--- START ---
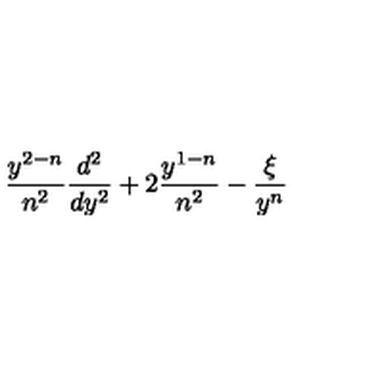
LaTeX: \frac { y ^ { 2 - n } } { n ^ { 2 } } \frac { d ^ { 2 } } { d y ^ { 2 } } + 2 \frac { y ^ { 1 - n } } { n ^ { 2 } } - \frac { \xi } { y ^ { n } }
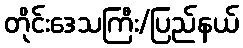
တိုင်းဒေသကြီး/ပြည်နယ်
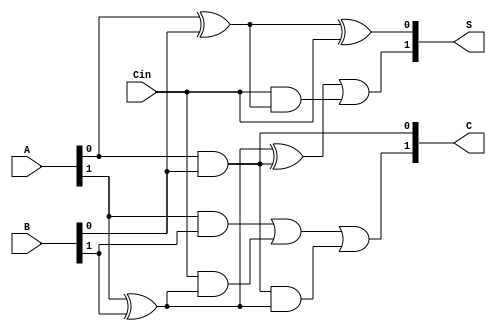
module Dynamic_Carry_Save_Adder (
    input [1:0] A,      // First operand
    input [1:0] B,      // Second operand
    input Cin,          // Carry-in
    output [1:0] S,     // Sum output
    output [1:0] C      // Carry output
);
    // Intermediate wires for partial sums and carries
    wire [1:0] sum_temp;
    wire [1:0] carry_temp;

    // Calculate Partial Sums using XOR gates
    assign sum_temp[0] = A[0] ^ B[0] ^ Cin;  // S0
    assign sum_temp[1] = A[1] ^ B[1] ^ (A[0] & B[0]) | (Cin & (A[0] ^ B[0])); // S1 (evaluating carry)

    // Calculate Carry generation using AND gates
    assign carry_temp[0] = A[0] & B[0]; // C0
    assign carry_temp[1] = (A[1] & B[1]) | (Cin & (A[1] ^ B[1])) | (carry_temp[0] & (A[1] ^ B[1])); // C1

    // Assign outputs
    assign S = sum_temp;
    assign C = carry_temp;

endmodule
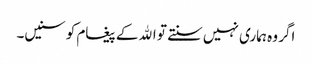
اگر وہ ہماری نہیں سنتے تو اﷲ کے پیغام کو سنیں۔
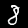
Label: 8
--- END ---
--- START ---
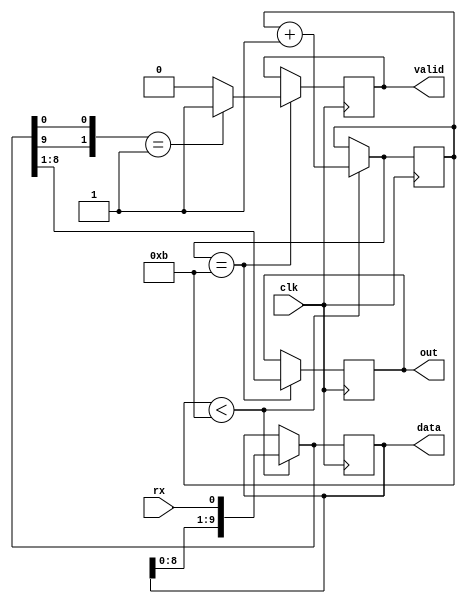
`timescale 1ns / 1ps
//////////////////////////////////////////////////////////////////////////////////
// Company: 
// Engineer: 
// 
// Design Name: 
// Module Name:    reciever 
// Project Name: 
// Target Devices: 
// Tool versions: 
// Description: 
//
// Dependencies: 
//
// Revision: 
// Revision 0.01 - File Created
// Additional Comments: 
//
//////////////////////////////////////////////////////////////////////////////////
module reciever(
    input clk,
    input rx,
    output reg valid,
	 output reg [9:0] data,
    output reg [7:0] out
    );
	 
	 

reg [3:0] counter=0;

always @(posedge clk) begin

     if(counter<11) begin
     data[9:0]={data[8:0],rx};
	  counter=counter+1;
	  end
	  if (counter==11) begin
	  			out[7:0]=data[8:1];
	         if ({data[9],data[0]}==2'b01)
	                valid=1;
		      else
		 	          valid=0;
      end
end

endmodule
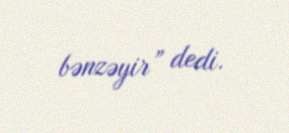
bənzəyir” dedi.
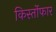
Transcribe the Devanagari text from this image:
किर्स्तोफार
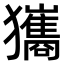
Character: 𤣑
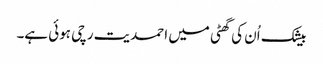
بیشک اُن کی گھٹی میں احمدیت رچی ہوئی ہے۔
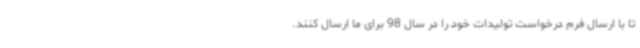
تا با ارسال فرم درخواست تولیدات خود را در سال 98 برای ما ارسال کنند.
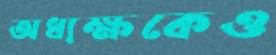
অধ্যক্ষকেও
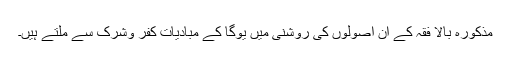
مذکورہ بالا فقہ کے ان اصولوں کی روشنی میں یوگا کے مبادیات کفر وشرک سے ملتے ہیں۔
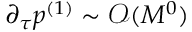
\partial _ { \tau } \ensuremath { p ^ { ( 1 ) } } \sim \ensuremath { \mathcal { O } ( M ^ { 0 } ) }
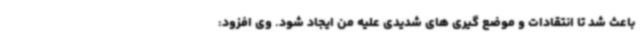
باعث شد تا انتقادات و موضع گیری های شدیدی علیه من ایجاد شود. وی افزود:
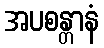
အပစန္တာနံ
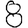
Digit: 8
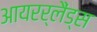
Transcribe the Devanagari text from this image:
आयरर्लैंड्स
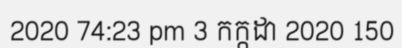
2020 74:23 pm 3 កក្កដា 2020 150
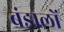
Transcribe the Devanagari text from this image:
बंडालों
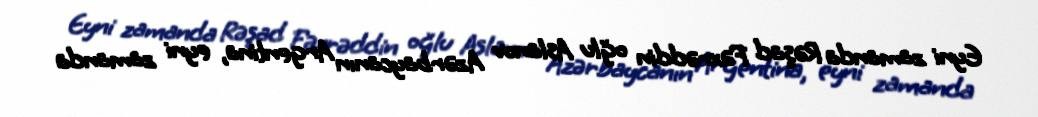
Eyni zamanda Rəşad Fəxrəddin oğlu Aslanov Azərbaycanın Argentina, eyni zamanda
--- END ---
**What the exercise asks**
Using the data above, output the line that has "always @(posedge clk) begin", the line that has "بیشک اُن کی گھٹی میں احمدیت رچی ہوئی ہے۔", and whatever lines fall between, each exactly as it stands and without pictures.

**Finished task**
always @(posedge clk) begin

     if(counter<11) begin
     data[9:0]={data[8:0],rx};
	  counter=counter+1;
	  end
	  if (counter==11) begin
	  			out[7:0]=data[8:1];
	         if ({data[9],data[0]}==2'b01)
	                valid=1;
		      else
		 	          valid=0;
      end
end

endmodule
bənzəyir” dedi.
Transcribe the Devanagari text from this image:
किर्स्तोफार
Character: 𤣑
بیشک اُن کی گھٹی میں احمدیت رچی ہوئی ہے۔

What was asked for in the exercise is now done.